Sequential Learning and Variable Length Markov Chains
Degree type
Graduate group
Discipline
Subject
Funder
Grant number
License
Copyright date
Distributor
Related resources
Author
Contributor
Abstract
Sequential Learning is a framework that was created for statistical learning problems where $(Y_t)$, the sequence of states is dependent. More specifically, when it has a dependence structure that can be represented as a first order Markov chain. It works by first taking nonsequential probability estimates $P(Y_t | X_t)$ and then modifying these with the sequential part to produce $P(Y_t | X_{1:T})$. However, not all sequential models on a discrete space admit such a representation, at least not easily. As such, our first task is to extend Variable Length Markov Chains (VLMCs), which belie their name and are not Markovian, to be used in the sequential learning framework. This extension greatly broadens the scope of sequential learning as using VLMCs permits sequential learning with far fewer assumptions about the underlying dependence of states. After developing the VLMC extension we provide an overview of sequential learning in general and investigate the probability estimates it produces both theoretically and with a simulation study to assess model performance as a function of the complexity of the underlying sequential model and the quality of the initial probability estimates. Next, we apply VLMC sequential learning to the original dataset and problem that inspired sequential learning --- that of scoring sleep in mice using video data.
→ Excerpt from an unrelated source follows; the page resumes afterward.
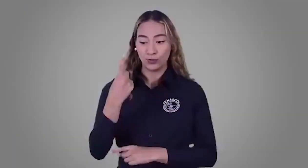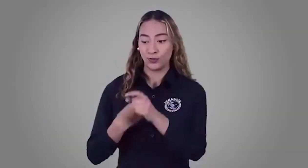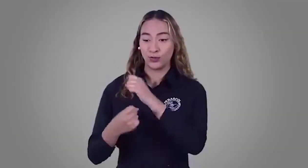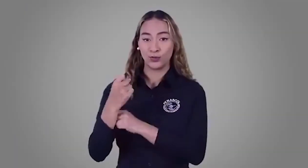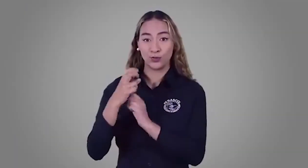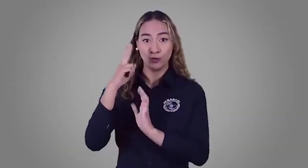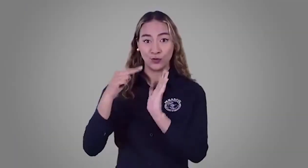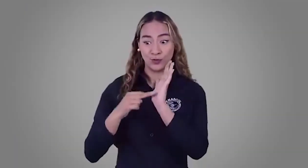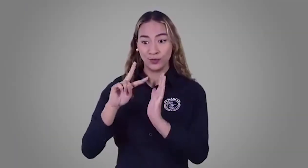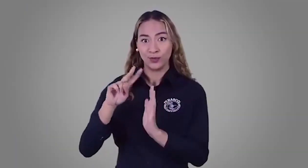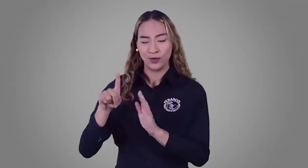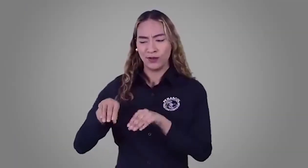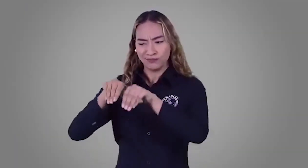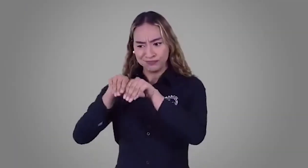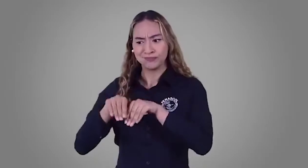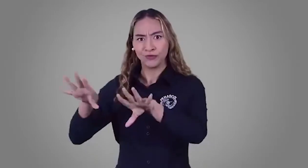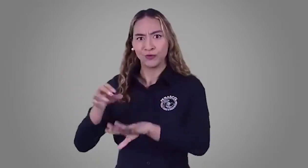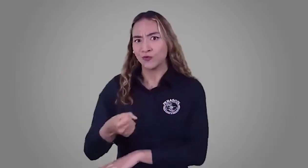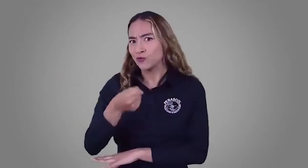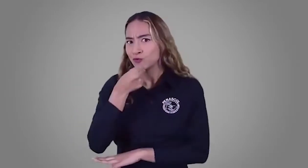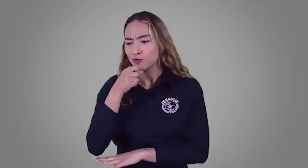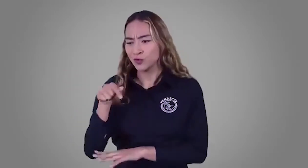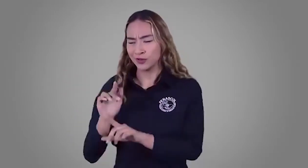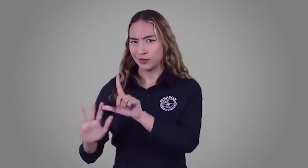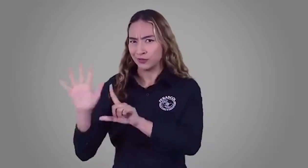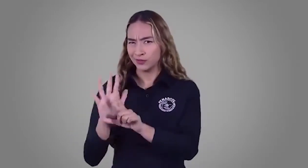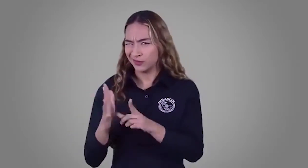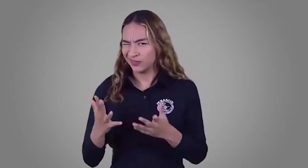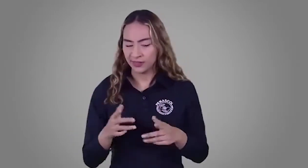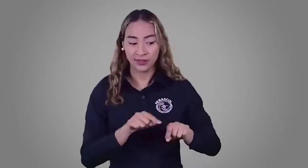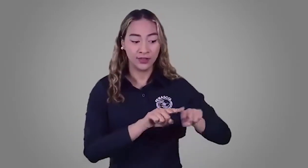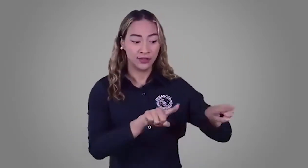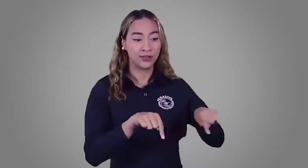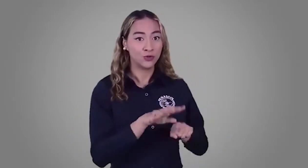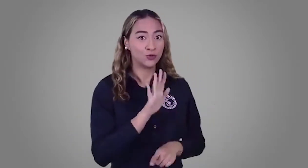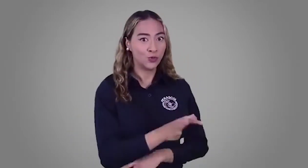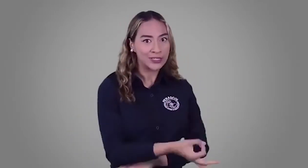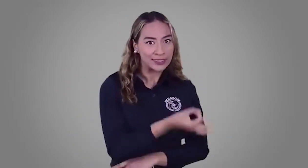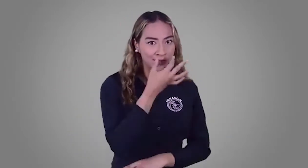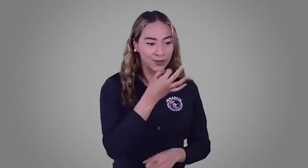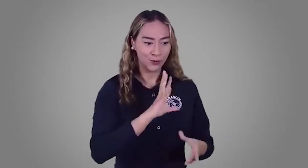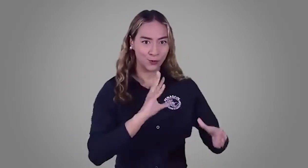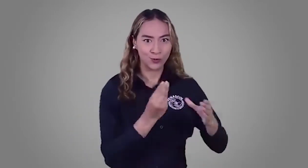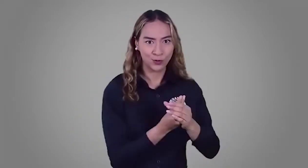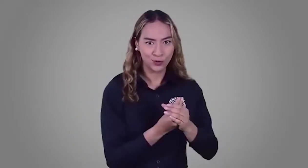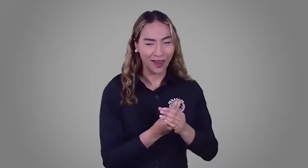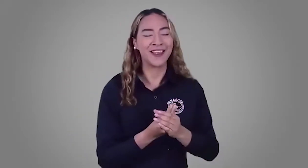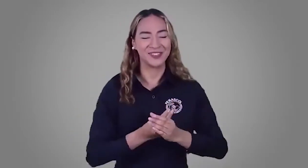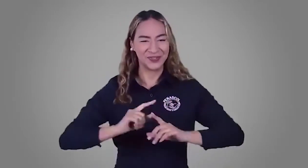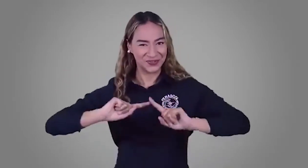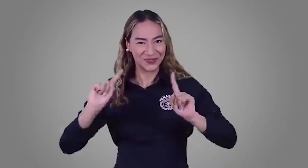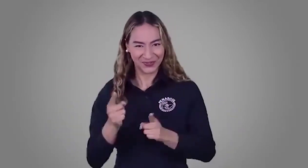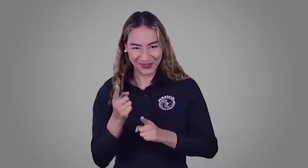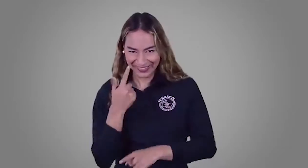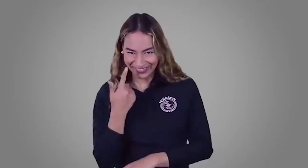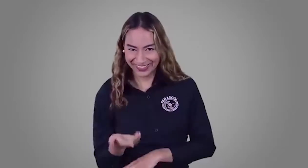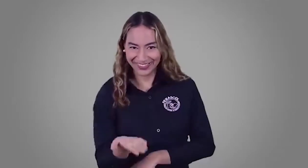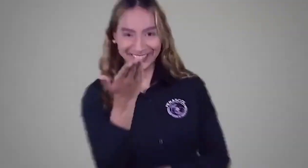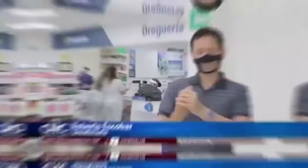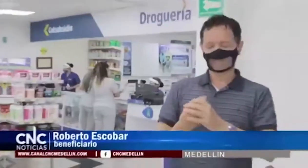año 2021 se publicó una noticia sobre las droguerías accesibles. Aquí hay un resumen. He
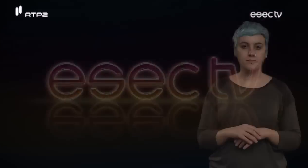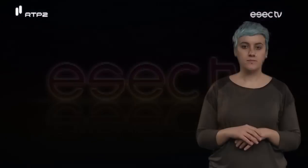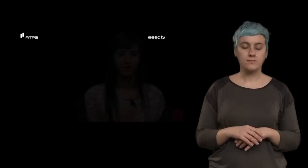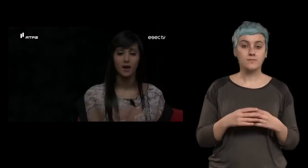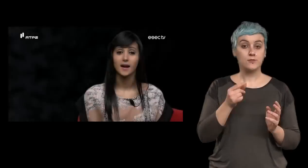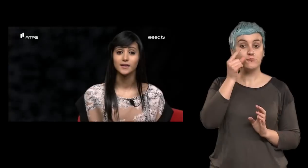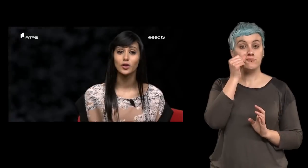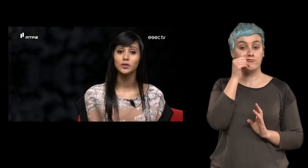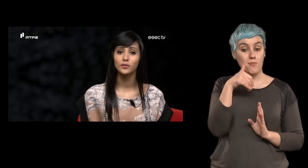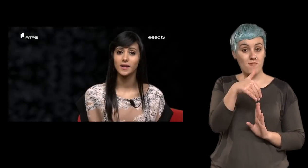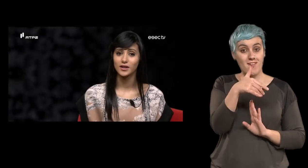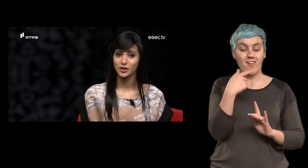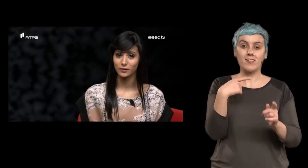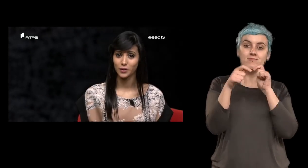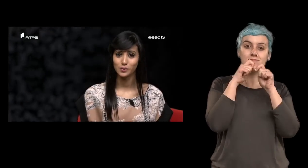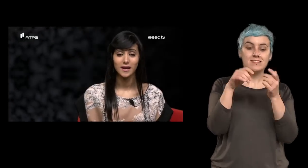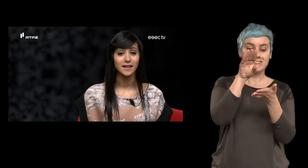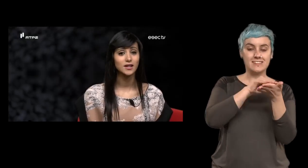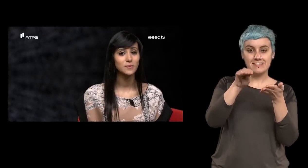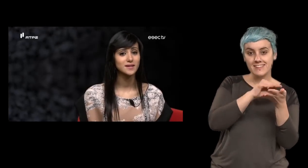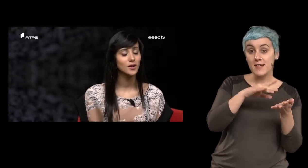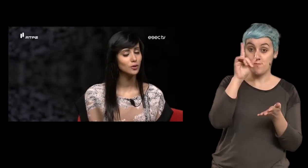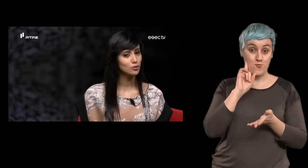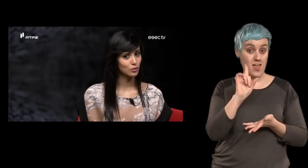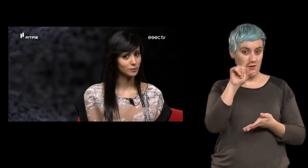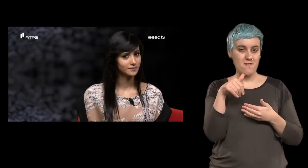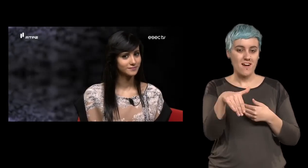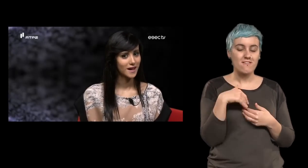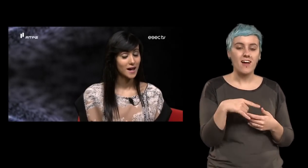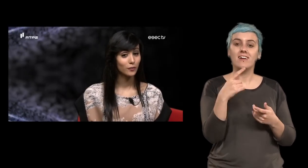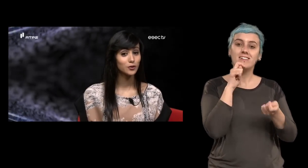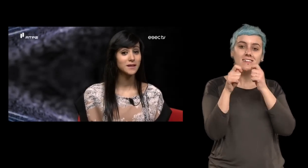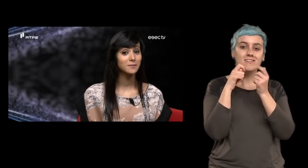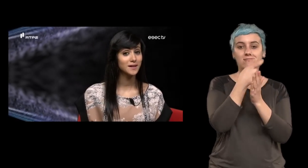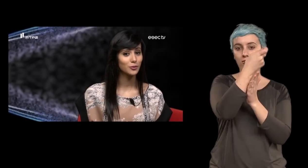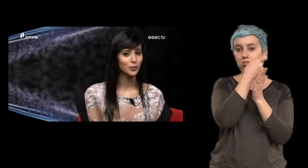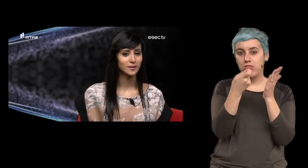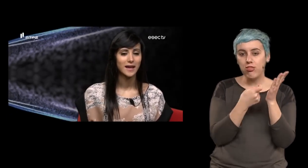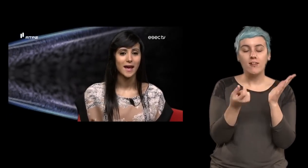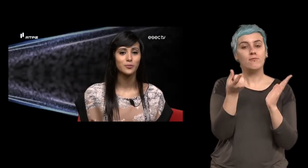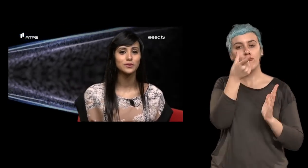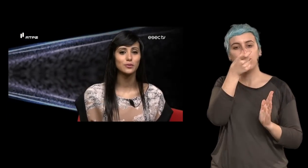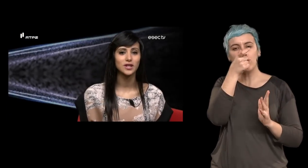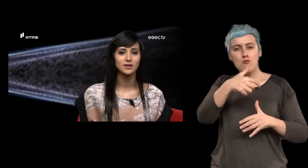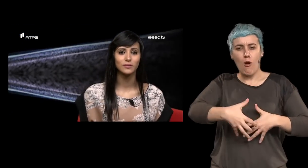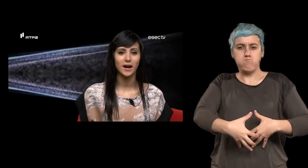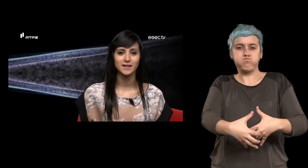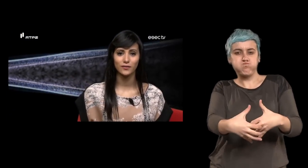António Velhena escreveu Inês Maçano ilustrou a formiga barriguda é protagonista de várias aventuras

We find that VLMCs perform at the same level, tying and sometimes beating the previous best sequential method which required many assumptions about the sequence of sleep states and a much more rigid model of sequential dependence. Finally, we turn our attention to the problem of modifying predictors when marginal class probabilities are known. This is inspired by the fact that in sequential learning problems, the marginal class distribution can vary substantially from sample to sample in contrast to i.i.d. problems. We provide a general method of marginal probability reweighting, show it to be equivalent to several extant methods used on similar problems, and provide a proof that our method improves probability estimates under log loss. We conclude with simulations assessing our method as a function of loss type and classifier used.